So I've been doing a pretty basic logistic regression, where 1=default and 0=no default. I have a couple explanatory variables, some of which behave strangely. The model is:
log1 <- glm(target~dsti+NEW_customer+masterscale_pd+ mne +loan2inc+top_up+type_covered+
avg_remain_dur, data = df,family = binomial(link='logit') )
summary(log1)
Coefficients:
Estimate Std.
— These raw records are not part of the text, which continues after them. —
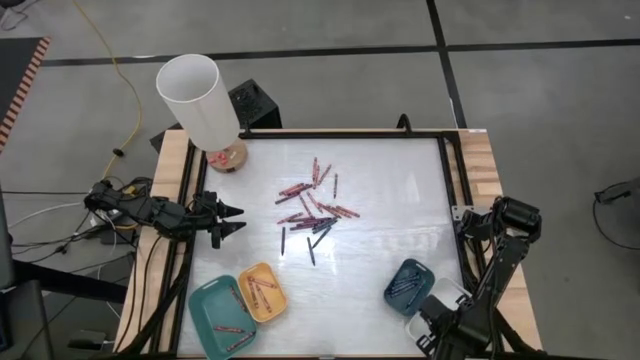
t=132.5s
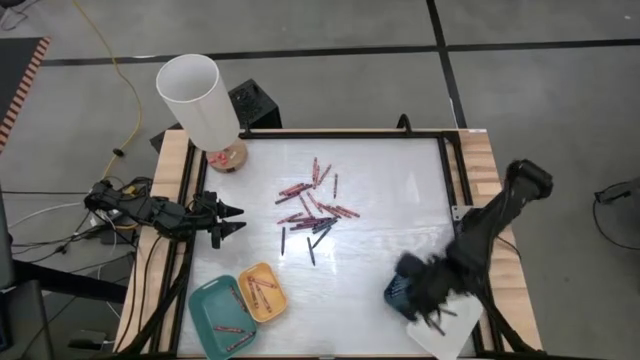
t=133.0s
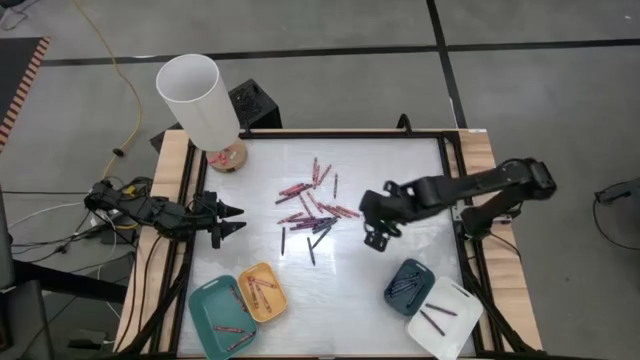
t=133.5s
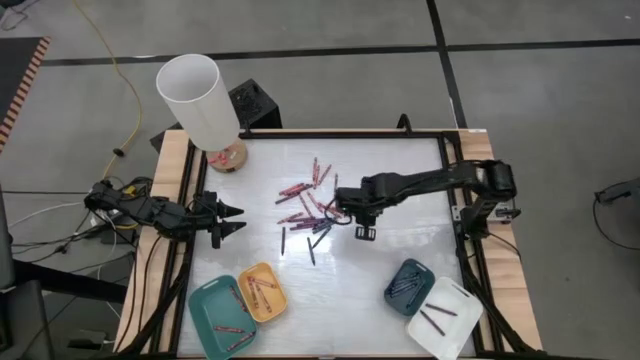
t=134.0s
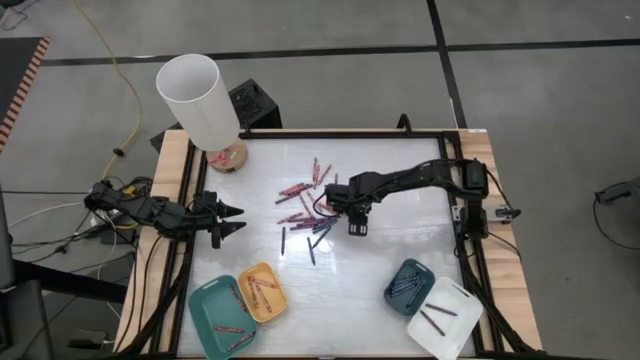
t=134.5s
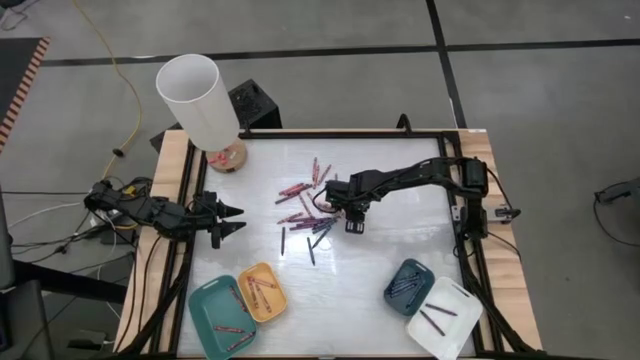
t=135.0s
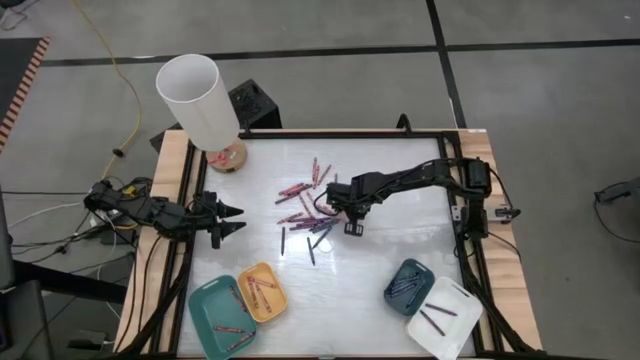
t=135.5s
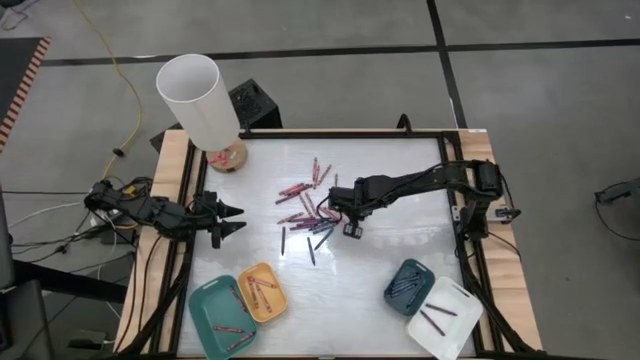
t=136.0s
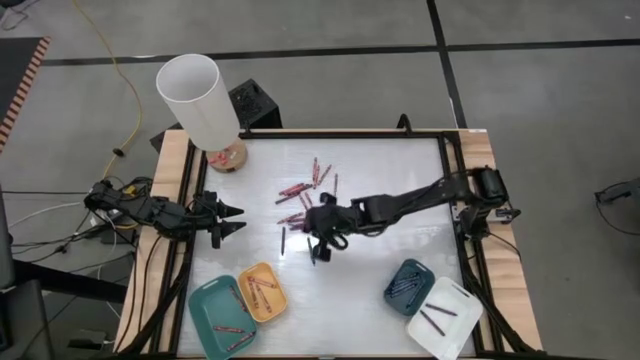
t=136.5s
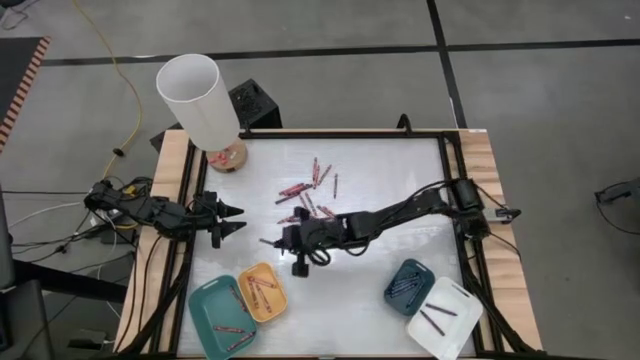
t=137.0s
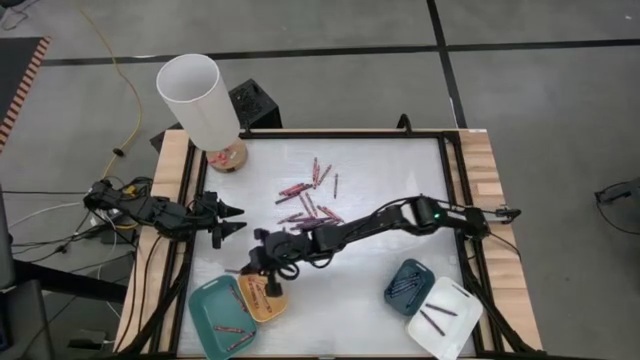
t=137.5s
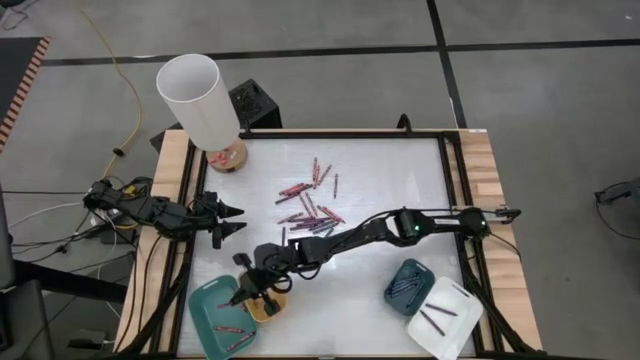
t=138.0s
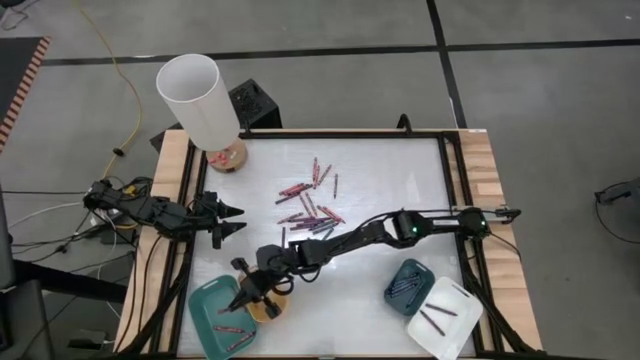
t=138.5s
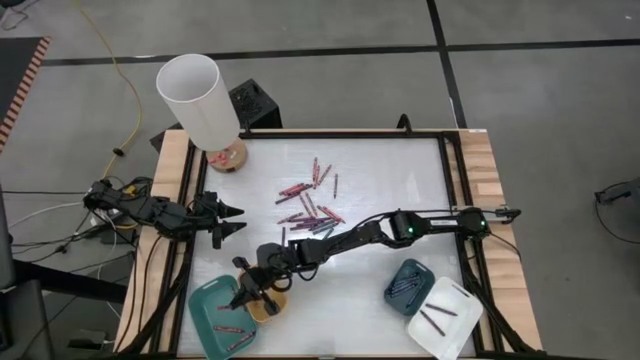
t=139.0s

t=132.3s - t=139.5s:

Error z value Pr(>|z|)
(Intercept) 62.421450219 13.454315081 4.640 0.00000349 ***
dsti 2.797621531 0.721706775 3.876 0.000106 ***
NEW_customer1 0.217681547 0.191455352 1.137 0.255545
masterscale_pd -0.979473616 0.071318565 -13.734 < 0.0000000000000002 ***
mne -6.878542449 1.441856732 -4.771 0.00000184 ***
loan2inc 0.035920266 0.015238445 2.357 0.018413 *
top_up 0.000016906 0.000008054 2.099 0.035807 *
type_coveredR 1.192252183 0.289277803 4.121 0.00003764 ***
avg_remain_dur 1.302201156 0.333252387 3.908 0.00009324 ***
After looking at the p-values, my alarm went off; the variable NEW_customer
was one of the most important ones in previous analyses. It even separates the default ratios really well:
df %>% group_by(NEW_customer) %>% summarise(def = sum(target==1)/n())
# A tibble: 2 x 2
NEW_customer def
<fct> <dbl>
1 0 0.01
2 1 0.09
Meaning, 9% of new customers defaulted, whereas only 1.1% of old customers went bad. So I tried lasso regression with the help of cv.glmnet
function, where the variable NEW_customer
was the 2nd most important. After some googling, I came across question. Trying different test yielded different values:
anova(log1, test = 'LRT')
Df Deviance Resid. Df Resid. Dev Pr(>Chi)
NULL 18091 2705.4
dsti_residence 1 30.396 18090 2675.0 0.0000000352303 ***
NEW_customer 1 105.430 18089 2569.6 < 0.00000000000000022 ***
application_masterscale_pd 1 312.483 18088 2257.1 < 0.00000000000000022 ***
mne 1 38.566 18087 2218.6 0.0000000005292 ***
loan2inc 1 17.650 18086 2200.9 0.0000265518195 ***
top_up 1 2.421 18085 2198.5 0.11974
type_covered 1 4.209 18084 2194.3 0.04022 *
avg_remain_dur 1 16.339 18083 2177.9 0.0000529510572 ***
These p-values look much more reasonable. My dataset has ~15 000 observations, so I don't think the issue lies there. So what is the underlying problem that causes the Wald test to fail? I can not really wrap my head around it. Thanks for help!